Разговор наш оборвался, я почувствовал, что и Скоропадский, и Дорошенко хотели меня привлечь ближе к «гетманской идее» – к чему у меня, по-существу, никогда не было влечения. Через год в Америку последовало мне еще одно «приглашение» – как раз в 1926 г. при содействии Тренера и немецких денег открылся Украинский Научный Институт с некоторым количеством платных кафедр (пока была занята одна лишь кафедра – Липинским). Меня Дорошенко запрашивал, соглашусь ли я вступить в состав Укр<аинского> Научн<ого> Инст<итута>. Я ответил ему, что из Америки затруднительно дать ему какой-либо ответ, потому что слишком удален сейчас от всего, что происходит в Европе, но добавил к этому, что если Научн<ый> Инст<итут> имеет в своей основе политическое, а не чисто научное задание, – что я в таком случае, по принципиальным соображениям, вступить в него не могу. По возвращении моем в Европу нового приглашения не последовало.
Этим, в сущности, исчерпываются мои встречи с украинскими политическими деятелями. Об русско-украинских беседах, организованных еще в 1923–1924 г. Дорошенко и мной, я уже рассказал в предисловии к настоящим мемуарам, упомянул и о том, что беседы наши, хотя были интересны, но были и решительно бесплодны – для обеих сторон. С Дорошенкой тогда у меня было много встреч, мы стали даже, пожалуй, близки, – но после бесед у Скоропадского отношения наши совершенно увяли.

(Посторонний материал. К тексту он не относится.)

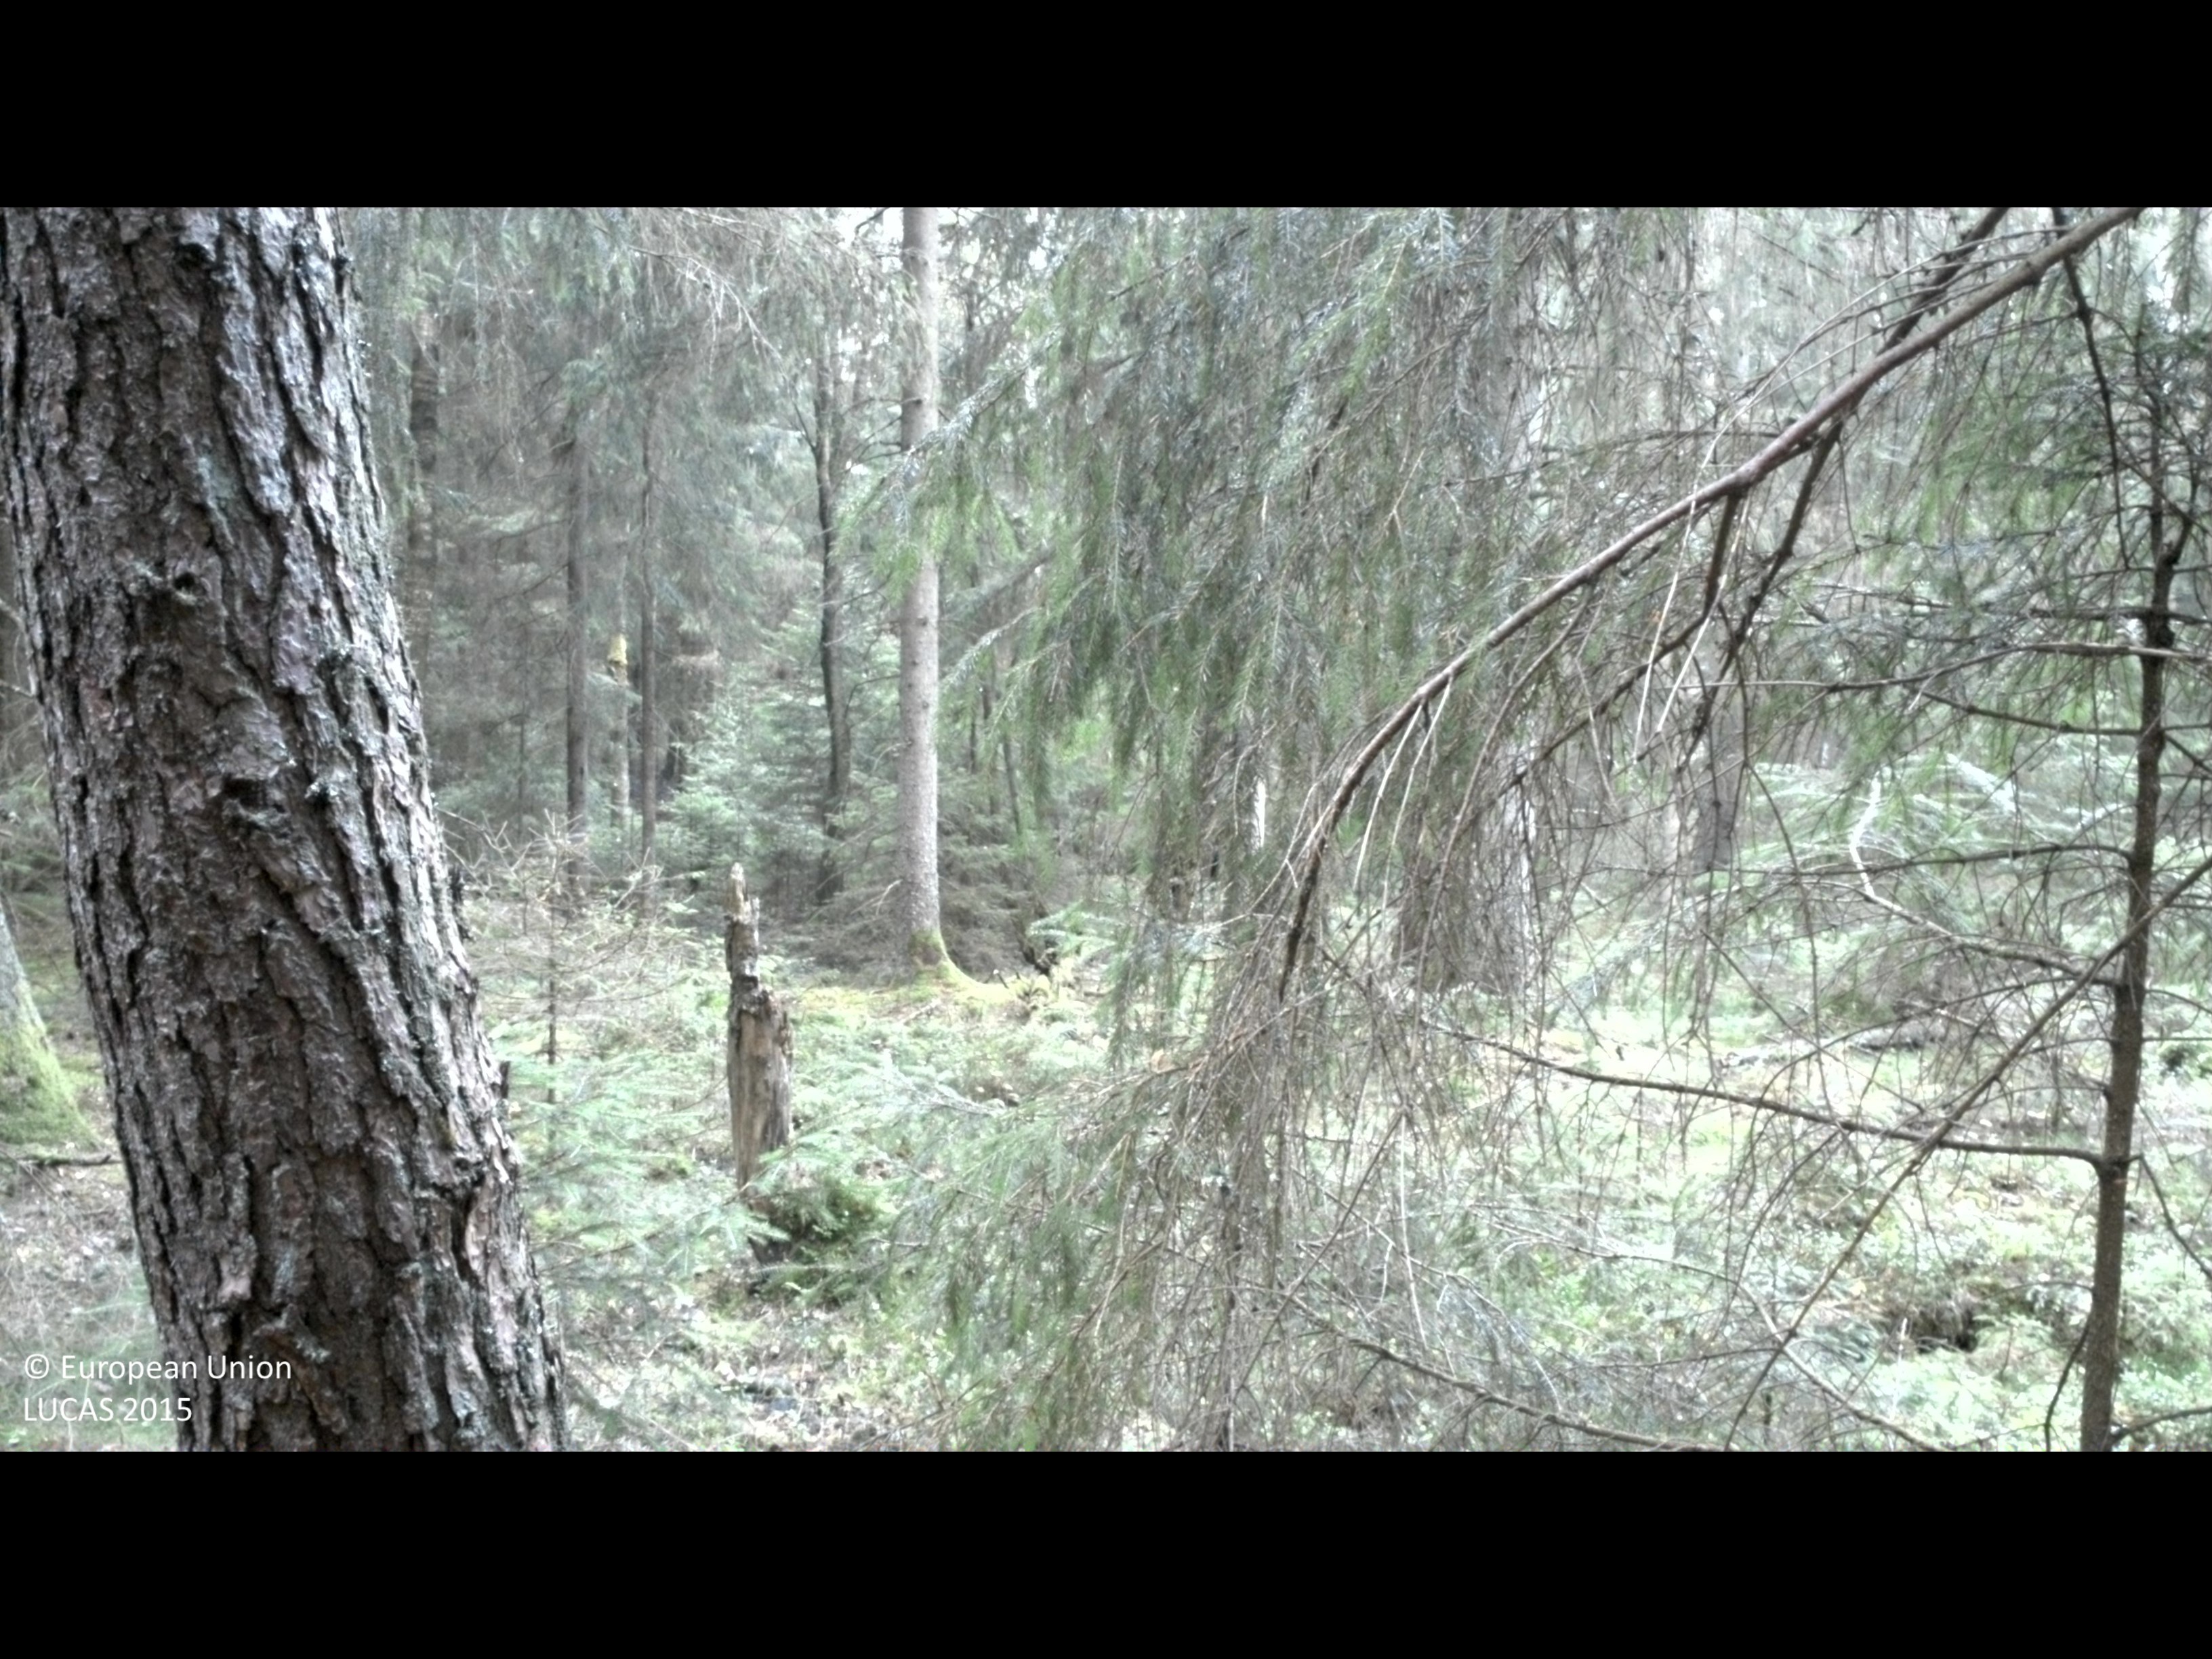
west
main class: Woodland
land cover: Spruce dominated coniferous woodland
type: boreal forest
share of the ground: > 75 %
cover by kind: coniferous forest trees 75 %, shrubs 15 %, broadleaved forest trees 5 %, lichens and mosses 5 %
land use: Forestry
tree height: > 5 m
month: August
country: SE
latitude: 56.9404
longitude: 13.1687

С Лотоцким (см. выше) я впервые познакомился в Праге на упомянутых беседах. Это был коренастый, сильный, упрямый человек – очень умный, но и обозленный, непримиримый враг России. При взгляде на него невольно вспоминались мне различные жестокие фигуры из украинской истории – такой человек не моргнувши глазом мог бы отправить на смерть. Что-то жестокое, беспощадное, – а в то же время трагическое чувствовалось в нем. То, что называют «сердитым бессилием», гневом от бессилия, но что у Лотоцкого было не гневом, а злобой, непримиримой и страстной, – все это говорило о муке его любви к Украине. Он любил ее горячо и фанатически и не мог простить России самого ее существования, самого факта ее величия; мучительная зависть, непрощаемая обида как-то «застряли» в нем. Мы с ним ни одного слова не говорили при встрече об украинской Церкви, но при внешней вежливости со стороны Лотоцкого, какой-то насильной для него любезности, я чувствовал в его отношении ко мне элемент обиды – и, конечно, никак не мог разгадать причины. Но в одной из бесед, в случайном слове Лотоцкого, сказанном об украинской интеллигенции, бросившей свою «страну» и ушедшей служить России, в его выразительном жесте, обращенном потом ко мне, я вдруг понял причину нелюбви Лотоцкого ко мне. Он не мог простить мне того, что, будучи украинцем, я служил и служу русскому делу. Уже много позднее, когда беседы наши оборвались, в случайной встрече Лотоц-кий меня холодно спросил – «а Вы по-прежнему все заняты русскими делами?» Этот холодный вопрос звучал все тем же обвинением мне, которое я почувствовал раньше. Лотоцкий был ревнив к Украине, он не допускал ухода «на сторону» (т. е. в Россию!), принадлежа к той «старой гвардии», которая умирает, но не сдается.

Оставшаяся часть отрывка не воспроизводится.